*** Opening of Provided data ***
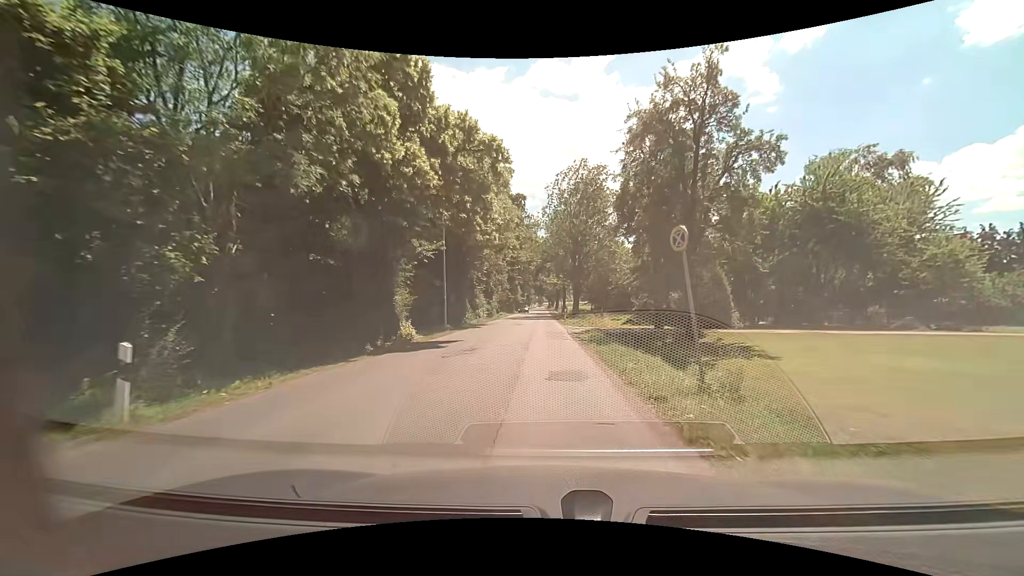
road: secondary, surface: paved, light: Day
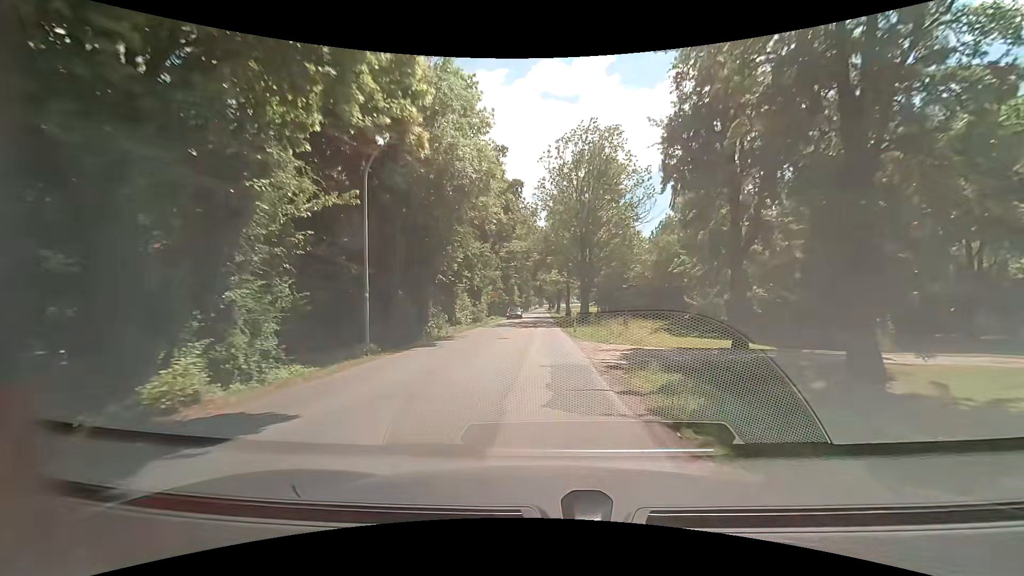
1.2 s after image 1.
(0.0, +13.2) m; 0°
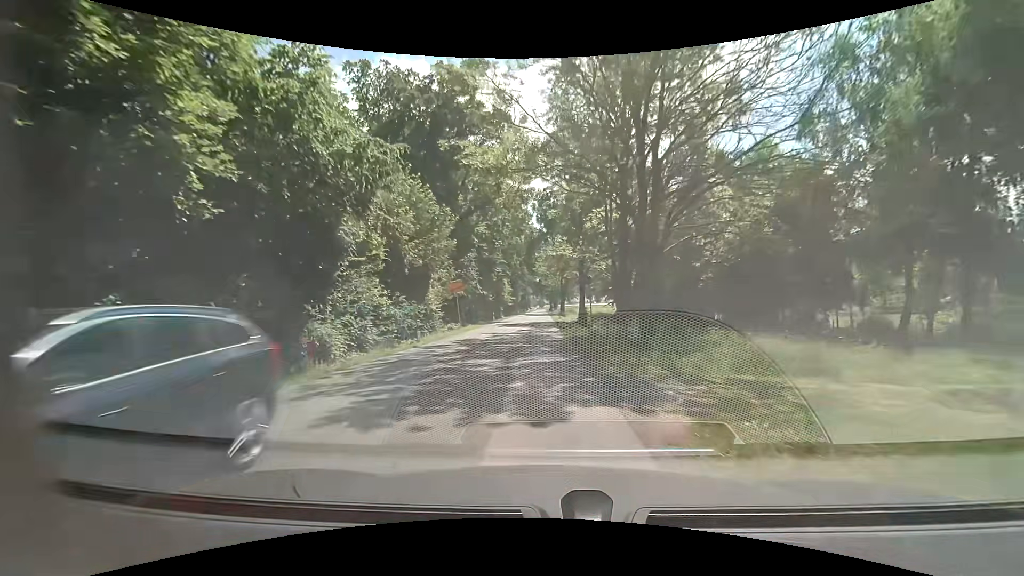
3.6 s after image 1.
(+0.1, +27.2) m; 0°
(0, +10) (0, +20) (0, +30) (-1, +40) (-1, +50) (-1, +60) (-1, +70) (-1, +80) (-1, +90) (-1, +100) m
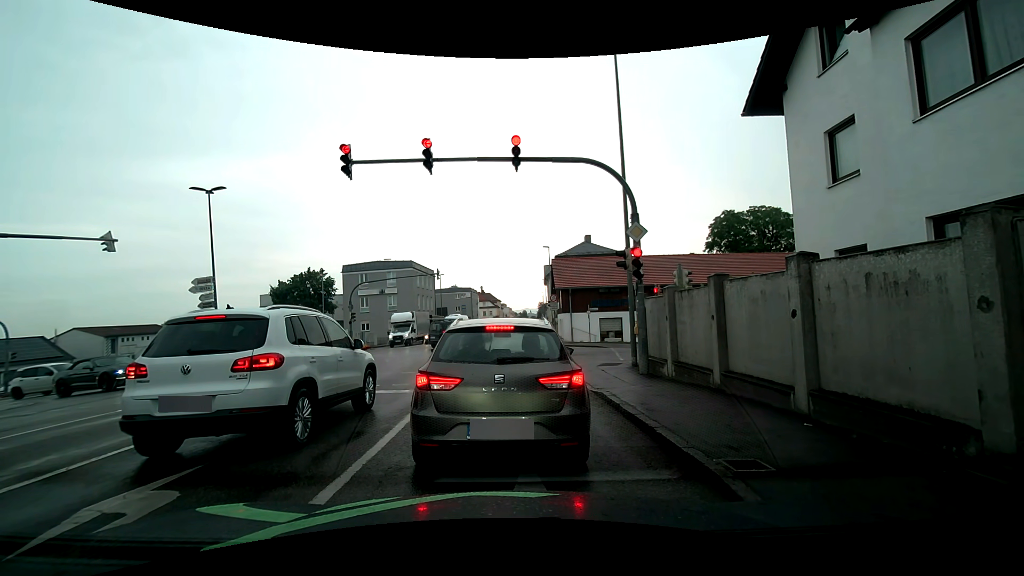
*** Close of Provided data ***
## Your assignment
The answer must be an exact copy of every record above, minus the pictures.

## Exercise solution
road: secondary, surface: paved, light: Day
1.2 s after image 1.
(0.0, +13.2) m; 0°
3.6 s after image 1.
(+0.1, +27.2) m; 0°
(0, +10) (0, +20) (0, +30) (-1, +40) (-1, +50) (-1, +60) (-1, +70) (-1, +80) (-1, +90) (-1, +100) m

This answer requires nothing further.